> **Your objective**
Every line of the records below from the line with "61.001C146.68 58.187 144.423" up to and including the line with "66.618C66.541 68.197 69.487" must be reproduced exactly, and no line outside that range.

(Stored entries)
____________
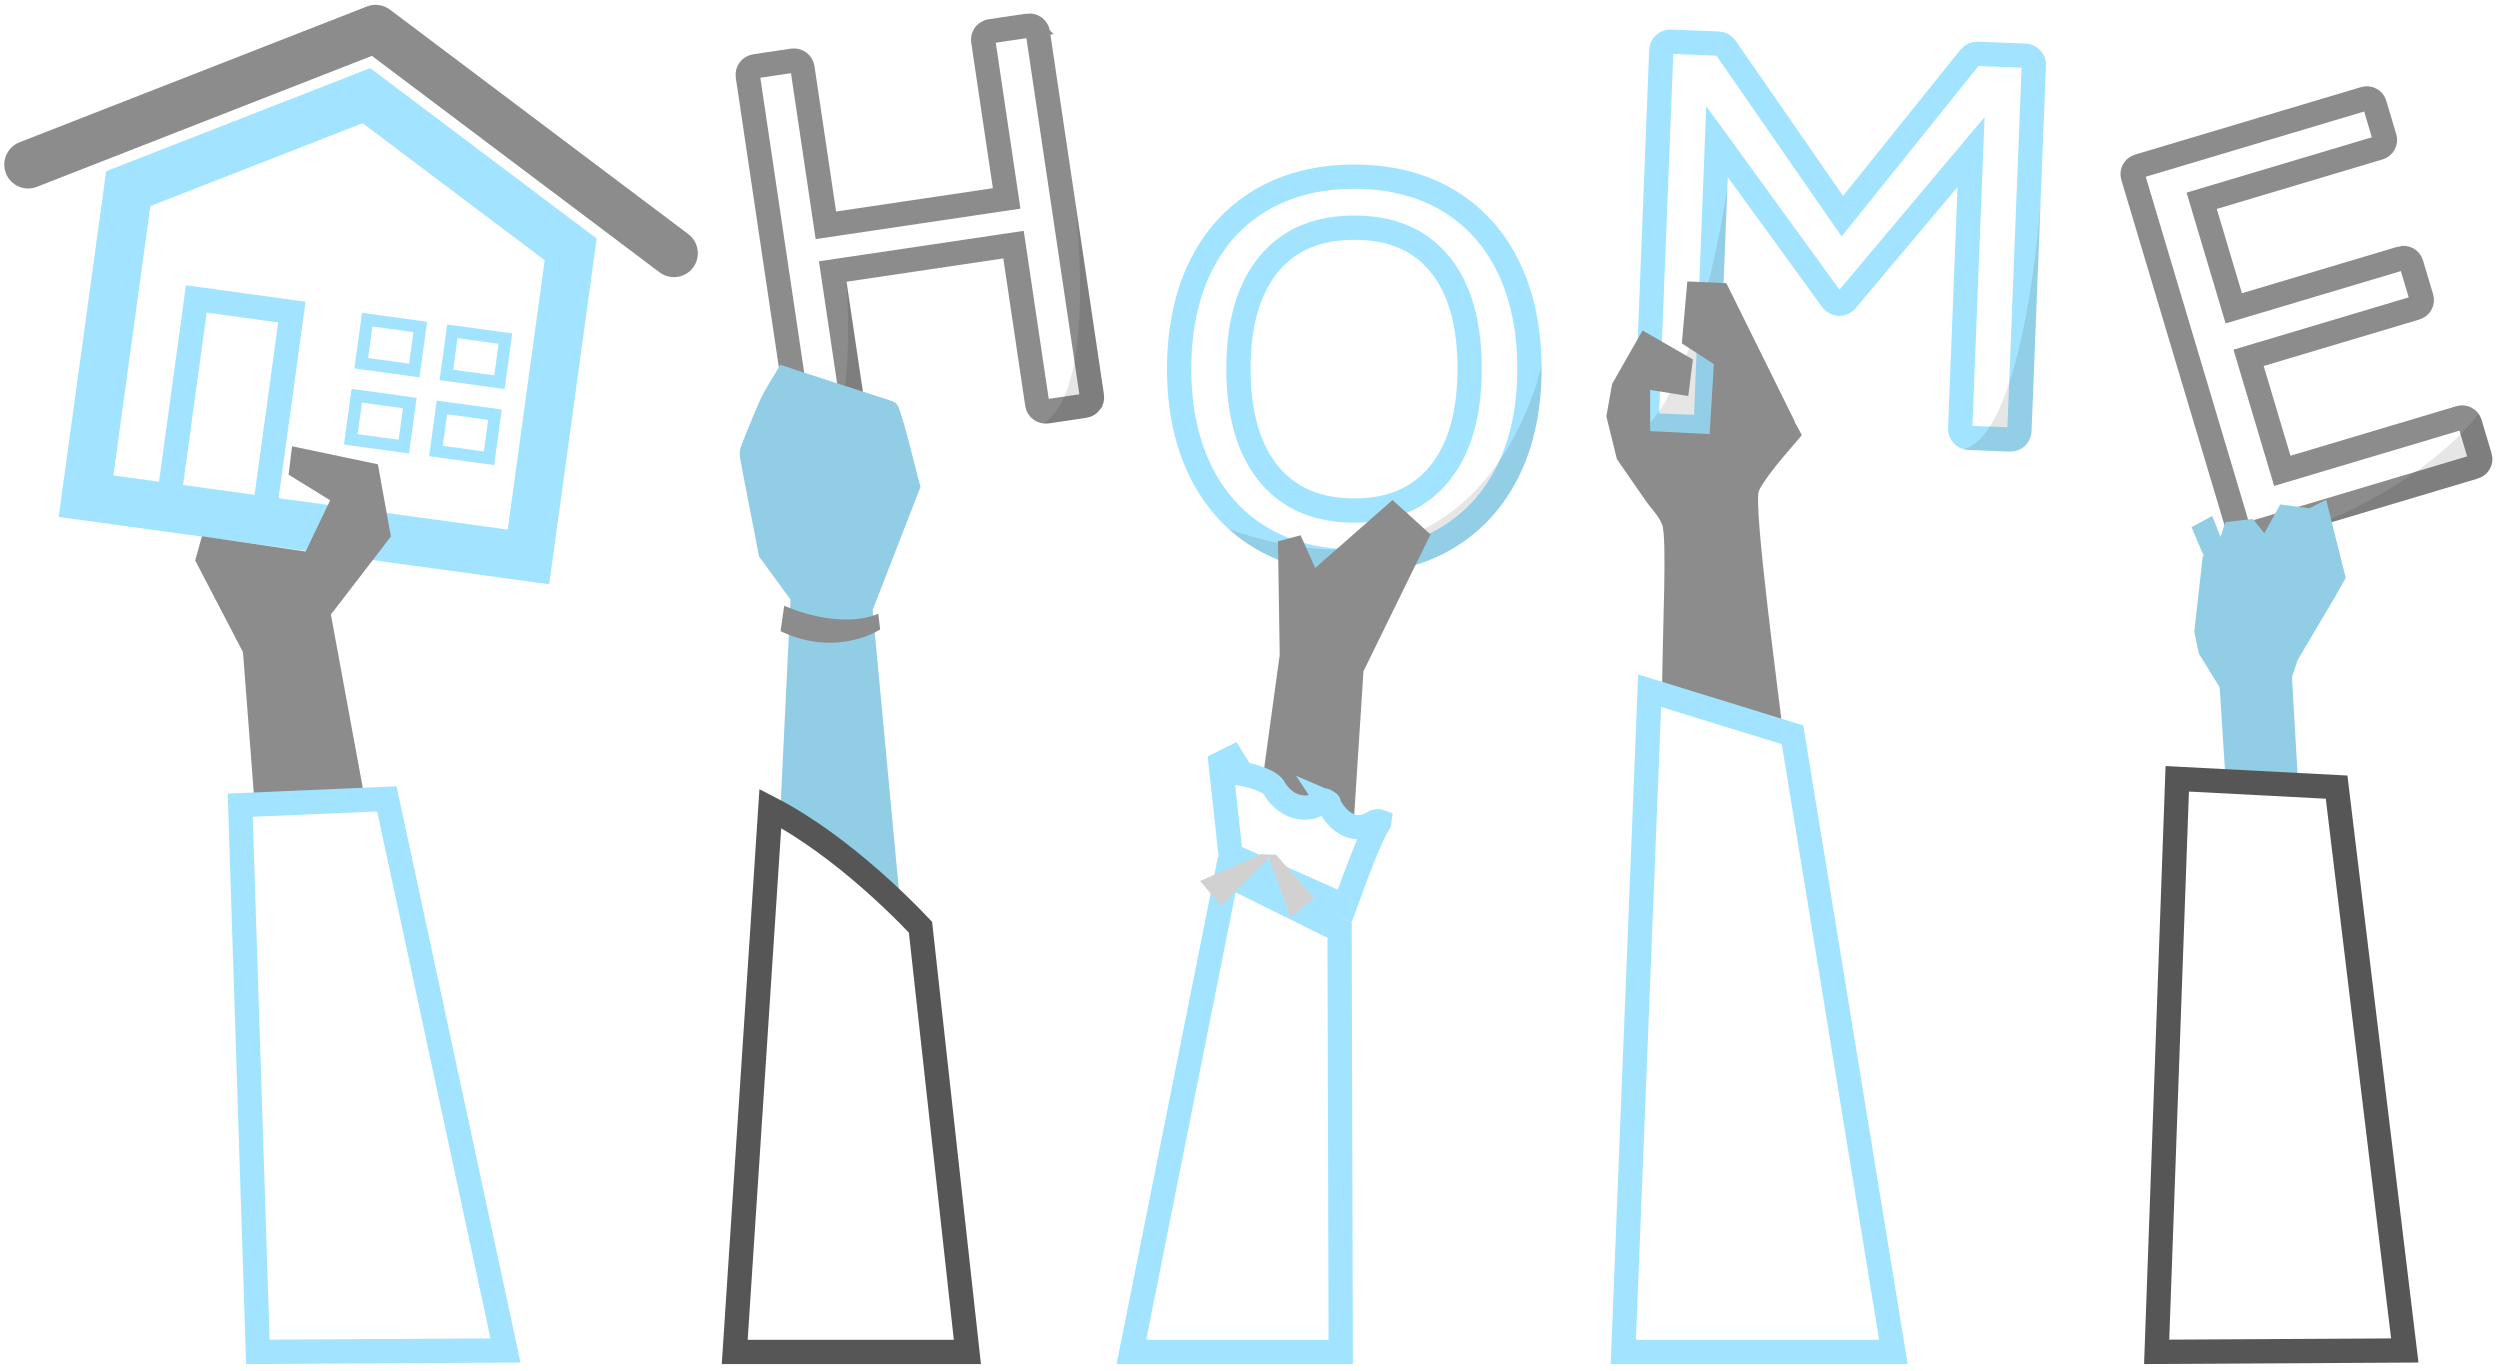<svg width="206" height="113" viewBox="0 0 206 113" fill="none" xmlns="http://www.w3.org/2000/svg">
<path d="M194.831 8.138C195.008 8.085 195.189 8.103 195.348 8.188C195.507 8.272 195.617 8.408 195.667 8.576L196.496 11.354C196.546 11.522 196.529 11.696 196.442 11.854C196.356 12.011 196.215 12.126 196.037 12.179L182.376 16.258L181.418 16.544L181.704 17.502L183.778 24.448L184.064 25.406L185.022 25.12L197.856 21.288L197.855 21.287C198.221 21.178 198.591 21.388 198.692 21.727L199.533 24.543C199.634 24.882 199.439 25.259 199.074 25.368L186.241 29.2L185.283 29.486L185.569 30.444L187.777 37.839L188.063 38.797L189.021 38.511L202.683 34.432C202.816 34.392 202.95 34.392 203.076 34.431L203.199 34.481C203.358 34.566 203.468 34.702 203.519 34.87L204.348 37.647C204.449 37.985 204.254 38.363 203.89 38.472H203.889L185.271 44.031C185.203 44.051 185.137 44.06 185.073 44.06C184.777 44.06 184.516 43.869 184.434 43.593L175.753 14.523C175.703 14.355 175.721 14.181 175.808 14.023V14.023C175.894 13.865 176.035 13.751 176.212 13.698H176.213L194.831 8.138Z" stroke="#8C8C8C" stroke-width="2"/>
<path opacity="0.1" d="M204.477 34.584C204.422 34.4 204.335 34.231 204.225 34.081C204.182 34.144 200.236 39.889 189.351 43.857L204.175 39.431C205.06 39.166 205.568 38.238 205.306 37.361L204.477 34.584Z" fill="black"/>
<path d="M111.595 14.56C114.382 14.561 116.824 15.143 118.885 16.263L119.292 16.494C121.46 17.779 123.147 19.635 124.307 22.034C125.437 24.371 126.026 27.169 126.026 30.373C126.026 33.607 125.429 36.419 124.285 38.756C123.107 41.157 121.414 43.017 119.253 44.312C117.107 45.599 114.54 46.267 111.595 46.268C108.694 46.268 106.161 45.626 104.036 44.393L103.91 44.319C101.895 43.118 100.289 41.413 99.13 39.223L98.903 38.775C97.758 36.424 97.161 33.618 97.161 30.414C97.161 27.181 97.752 24.37 98.882 22.034L98.881 22.033C100.044 19.631 101.732 17.776 103.897 16.494C106.04 15.224 108.62 14.56 111.595 14.56ZM111.595 18.761C108.627 18.761 106.275 19.699 104.579 21.724C102.847 23.792 102.048 26.752 102.048 30.373C102.048 34.021 102.847 37.004 104.581 39.087C106.276 41.124 108.626 42.068 111.595 42.068C114.538 42.068 116.873 41.121 118.565 39.087C120.299 37.003 121.099 34.021 121.099 30.373C121.099 26.73 120.308 23.761 118.588 21.702V21.701C116.905 19.689 114.559 18.761 111.595 18.761Z" stroke="#A2E4FF" stroke-width="2"/>
<path opacity="0.1" d="M101.251 43.591C101.918 44.194 102.643 44.731 103.427 45.196L103.532 45.258H103.533C105.832 46.592 108.543 47.268 111.594 47.268C114.694 47.268 117.444 46.563 119.766 45.171C122.101 43.771 123.924 41.761 125.183 39.196C126.406 36.697 127.026 33.729 127.026 30.374C127.026 30.274 127.024 30.177 127.023 30.078C126.931 30.524 122.566 51.194 101.251 43.591Z" fill="black"/>
<path d="M84.709 2.114C85.111 2.055 85.466 2.331 85.52 2.698L89.974 32.644C90.001 32.826 89.956 33.005 89.841 33.157V33.158C89.727 33.31 89.561 33.409 89.367 33.438L86.28 33.897C85.88 33.956 85.525 33.682 85.47 33.313L83.661 21.146L83.514 20.158L82.524 20.305L69.606 22.226L68.617 22.373L68.765 23.362L70.574 35.528C70.629 35.896 70.368 36.263 69.968 36.322L66.881 36.781C66.843 36.787 66.805 36.789 66.769 36.789C66.618 36.789 66.472 36.743 66.347 36.651C66.193 36.539 66.097 36.381 66.07 36.198L61.618 6.253C61.563 5.885 61.823 5.519 62.224 5.459L65.311 5C65.505 4.971 65.692 5.018 65.845 5.13C65.999 5.242 66.094 5.4 66.121 5.583L67.904 17.576L68.052 18.565L69.041 18.418L81.959 16.497L82.948 16.351L82.801 15.361L81.018 3.368C80.97 3.046 81.162 2.725 81.48 2.61L81.623 2.574L84.71 2.115L84.709 2.114Z" stroke="#8C8C8C" stroke-width="2"/>
<path opacity="0.1" d="M66.933 37.781C66.965 37.778 66.997 37.775 67.029 37.77L70.116 37.311C71.052 37.172 71.701 36.306 71.564 35.381L69.754 23.215L69.846 23.201L69.71 23.146C69.71 23.146 70.943 35.478 66.933 37.781Z" fill="black"/>
<path opacity="0.1" d="M88.519 16.059C88.52 16.071 90.623 32.002 85.98 34.893C86.126 34.909 86.276 34.909 86.428 34.886L89.515 34.427C89.967 34.36 90.367 34.123 90.64 33.76C90.915 33.395 91.03 32.947 90.963 32.497L88.519 16.059Z" fill="black"/>
<path d="M137.656 3.438H137.658L141.604 3.593C141.834 3.602 142.052 3.722 142.182 3.91L142.183 3.911L151.046 16.713L151.809 17.814L152.648 16.77L162.326 4.711V4.71C162.47 4.531 162.698 4.427 162.931 4.435L166.878 4.59H166.879C167.283 4.606 167.604 4.951 167.588 5.362L166.399 35.497C166.393 35.648 166.345 35.788 166.26 35.905L166.161 36.016C166.022 36.145 165.848 36.212 165.661 36.212H165.631L162.227 36.077C161.822 36.061 161.501 35.716 161.518 35.305L162.301 15.441L162.416 12.523L160.536 14.759L152.123 24.769L152.122 24.77C151.974 24.946 151.762 25.039 151.533 25.031C151.333 25.023 151.079 24.888 150.962 24.727L143.177 14.003L141.481 11.669L141.368 14.552L140.582 34.478C140.566 34.893 140.213 35.211 139.817 35.193H139.813L136.411 35.059C136.007 35.043 135.685 34.697 135.701 34.286L136.89 4.151C136.898 3.95 136.981 3.77 137.127 3.634C137.275 3.497 137.46 3.429 137.656 3.438Z" stroke="#A2E4FF" stroke-width="2"/>
<path opacity="0.1" d="M135.231 35.566C135.528 35.855 135.927 36.041 136.372 36.058L139.774 36.192C140.731 36.234 141.544 35.479 141.581 34.518L142.333 15.464C142.333 15.464 140.023 31.664 135.231 35.566Z" fill="black"/>
<path opacity="0.1" d="M161.842 37.028C161.953 37.055 162.069 37.072 162.188 37.077L165.592 37.211C165.615 37.212 165.639 37.212 165.662 37.212C166.101 37.212 166.518 37.049 166.842 36.748C167.183 36.432 167.381 36.002 167.399 35.537L168.138 16.808C168.137 16.813 166.857 35.52 161.842 37.028Z" fill="black"/>
<path d="M47.024 20.548L43.545 45.893L7.089 40.887L10.568 15.543L30.192 7.882L47.024 20.548Z" stroke="#A2E4FF" stroke-width="4"/>
<path d="M24.051 25.715L21.711 42.764L13.836 41.684L16.177 24.634L24.051 25.715Z" stroke="#A2E4FF" stroke-width="2"/>
<path d="M34.63 26.938L34.136 30.53L29.766 29.93L30.259 26.338L34.63 26.938Z" stroke="#A2E4FF"/>
<path d="M41.647 27.901L41.154 31.493L36.784 30.893L37.277 27.301L41.647 27.901Z" stroke="#A2E4FF"/>
<path d="M33.768 33.209L33.275 36.801L28.905 36.202L29.398 32.609L33.768 33.209Z" stroke="#A2E4FF"/>
<path d="M40.786 34.172L40.293 37.764L35.922 37.164L36.416 33.572L40.786 34.172Z" stroke="#A2E4FF"/>
<path d="M55.268 22.82C54.939 22.775 54.624 22.647 54.354 22.444L30.644 4.603L3.032 15.397C2.546 15.587 2.005 15.575 1.527 15.366C1.05 15.156 0.675 14.764 0.486 14.277C0.296 13.791 0.308 13.248 0.518 12.77C0.727 12.291 1.118 11.916 1.604 11.726L30.236 0.533C30.87 0.285 31.587 0.384 32.131 0.793L56.717 19.292C57.134 19.606 57.409 20.073 57.482 20.59C57.556 21.107 57.421 21.633 57.107 22.051C56.794 22.469 56.328 22.745 55.812 22.818C55.63 22.844 55.447 22.844 55.268 22.82Z" fill="#8C8C8C"/>
<path d="M147 61.001C146.68 58.187 144.423 41.499 144.939 40.429C145.647 38.962 148.371 36.043 148.469 35.842L141.626 23.337L140.873 35.773L135.974 35.522V32.13L139.114 32.633L139.491 29.618L135.346 27.231L132.837 31.639L132.365 34.306L133.231 37.829C134.024 38.975 134.817 40.121 135.61 41.267C136.054 41.908 136.663 42.479 136.95 43.203C137.389 44.307 136.987 51.55 136.95 57.501C136.95 57.503 147 61.001 147 61.001Z" fill="#8C8C8C"/>
<path d="M147.705 60.549L156.016 111.399H133.761L135.928 56.912L147.705 60.549Z" stroke="#A2E4FF" stroke-width="2"/>
<path d="M31.715 41.457L31.14 38.26L24.067 36.774L23.78 39.113L27.206 41.224L25.181 45.444L16.639 44.187L16.084 46.181L20.023 53.737L21 66.501L30 65.501L27.265 50.637L32.21 44.207L31.715 41.457Z" fill="#8C8C8C"/>
<path d="M41.654 111.279L21.247 111.393L19.795 66.347L31.876 65.827L41.654 111.279Z" stroke="#A2E4FF" stroke-width="2"/>
<path d="M74.227 75L71.906 50.264L75.849 40.123C75.296 38.114 74.861 36.072 74.227 34.085C74.004 33.386 73.945 33.186 73.294 32.978C72.885 32.848 72.477 32.714 72.069 32.582C69.926 31.89 67.783 31.198 65.641 30.505C65.562 30.48 64.312 30.03 64.29 30.069C63.739 31.044 63.065 32.009 62.608 33.02C62.134 34.066 61.719 35.142 61.283 36.204C61.047 36.789 60.896 37.118 60.978 37.703C61.063 38.316 62.312 44.55 62.532 45.834L65.142 49.412L64.29 67L74.227 75Z" fill="#92CDE6"/>
<path d="M64.619 49.913C64.619 49.913 68.993 51.952 72.371 50.577L72.527 51.864C72.527 51.864 69.019 54.227 64.319 52.013L64.619 49.913Z" fill="#8C8C8C"/>
<path d="M63.476 66.618C66.541 68.197 69.487 70.477 71.778 72.487C73.079 73.629 74.154 74.671 74.903 75.427C75.278 75.805 75.571 76.11 75.769 76.32C75.798 76.351 75.824 76.381 75.849 76.407L79.712 111.398H60.541L63.476 66.618Z" stroke="#565656" stroke-width="2"/>
<path d="M189.332 54.373L192.213 49.507L193.29 47.619L191.675 41.184L190.23 41.908L190.225 41.872L187.894 41.568L186.576 43.941L185.636 42.758L183.371 43.021L182.967 44.24L182.292 42.514L180.582 43.44L181.596 45.822L181.506 45.851L180.807 52.052L181.181 53.851L182.903 56.639L183.371 64H189.332L188.857 55.789L189.332 54.373Z" fill="#92CDE6"/>
<path d="M192.536 64.859L198.155 111.279L177.709 111.393L179.405 64.174L192.536 64.859Z" stroke="#565656" stroke-width="2"/>
<path d="M142.254 23.337L139.034 23.188L138.584 28.295L143.269 31.325L147.907 34.768L142.254 23.337Z" fill="#8C8C8C"/>
<path d="M104 64.502L105.448 53.964L105.306 44.603L107.164 44.106L108.372 46.801L114.745 41.201L117.873 44.036L112.35 55.308L111.5 68.502L104 64.502Z" fill="#8C8C8C"/>
<path d="M110.382 76.655L110.475 111.397H93.227L101.087 72.055L110.382 76.655Z" stroke="#A2E4FF" stroke-width="2"/>
<path d="M102.115 63.399L102.343 63.765L102.766 63.85C102.768 63.85 102.772 63.851 102.777 63.852C102.79 63.855 102.81 63.86 102.837 63.866C102.89 63.879 102.97 63.897 103.068 63.924C103.267 63.977 103.534 64.057 103.812 64.165C104.095 64.274 104.366 64.403 104.584 64.545C104.811 64.693 104.915 64.812 104.952 64.879C105.347 65.592 105.967 66.162 106.708 66.413C107.48 66.674 108.356 66.569 109.06 65.957C109.068 65.95 109.075 65.944 109.079 65.941C109.092 65.942 109.132 65.947 109.2 65.978C109.265 66.006 109.329 66.047 109.386 66.088C109.415 66.148 109.449 66.218 109.489 66.293C109.622 66.538 109.826 66.876 110.099 67.192C110.363 67.499 110.754 67.86 111.276 68.043C111.853 68.245 112.49 68.195 113.094 67.823C113.428 67.617 113.618 67.657 113.68 67.68C113.676 67.716 113.659 67.799 113.573 67.928C113.297 68.342 112.966 69.061 112.647 69.816C112.316 70.6 111.96 71.515 111.634 72.381C111.312 73.236 111.016 74.051 110.8 74.656L101.405 70.466L100.578 62.913L101.517 62.443L102.115 63.399ZM109.496 66.175C109.496 66.175 109.495 66.175 109.494 66.174L109.493 66.172C109.495 66.173 109.496 66.174 109.496 66.175Z" stroke="#A2E4FF" stroke-width="2"/>
<path d="M103.909 70.388L98.889 72.594L100.616 74.645L104.572 70.683L106.337 75.617L108.28 73.998L105.149 70.436L103.909 70.388Z" fill="#D1D1D1"/>
</svg>
____________
> **Task output**
<path d="M147 61.001C146.68 58.187 144.423 41.499 144.939 40.429C145.647 38.962 148.371 36.043 148.469 35.842L141.626 23.337L140.873 35.773L135.974 35.522V32.13L139.114 32.633L139.491 29.618L135.346 27.231L132.837 31.639L132.365 34.306L133.231 37.829C134.024 38.975 134.817 40.121 135.61 41.267C136.054 41.908 136.663 42.479 136.95 43.203C137.389 44.307 136.987 51.55 136.95 57.501C136.95 57.503 147 61.001 147 61.001Z" fill="#8C8C8C"/>
<path d="M147.705 60.549L156.016 111.399H133.761L135.928 56.912L147.705 60.549Z" stroke="#A2E4FF" stroke-width="2"/>
<path d="M31.715 41.457L31.14 38.26L24.067 36.774L23.78 39.113L27.206 41.224L25.181 45.444L16.639 44.187L16.084 46.181L20.023 53.737L21 66.501L30 65.501L27.265 50.637L32.21 44.207L31.715 41.457Z" fill="#8C8C8C"/>
<path d="M41.654 111.279L21.247 111.393L19.795 66.347L31.876 65.827L41.654 111.279Z" stroke="#A2E4FF" stroke-width="2"/>
<path d="M74.227 75L71.906 50.264L75.849 40.123C75.296 38.114 74.861 36.072 74.227 34.085C74.004 33.386 73.945 33.186 73.294 32.978C72.885 32.848 72.477 32.714 72.069 32.582C69.926 31.89 67.783 31.198 65.641 30.505C65.562 30.48 64.312 30.03 64.29 30.069C63.739 31.044 63.065 32.009 62.608 33.02C62.134 34.066 61.719 35.142 61.283 36.204C61.047 36.789 60.896 37.118 60.978 37.703C61.063 38.316 62.312 44.55 62.532 45.834L65.142 49.412L64.29 67L74.227 75Z" fill="#92CDE6"/>
<path d="M64.619 49.913C64.619 49.913 68.993 51.952 72.371 50.577L72.527 51.864C72.527 51.864 69.019 54.227 64.319 52.013L64.619 49.913Z" fill="#8C8C8C"/>
<path d="M63.476 66.618C66.541 68.197 69.487 70.477 71.778 72.487C73.079 73.629 74.154 74.671 74.903 75.427C75.278 75.805 75.571 76.11 75.769 76.32C75.798 76.351 75.824 76.381 75.849 76.407L79.712 111.398H60.541L63.476 66.618Z" stroke="#565656" stroke-width="2"/>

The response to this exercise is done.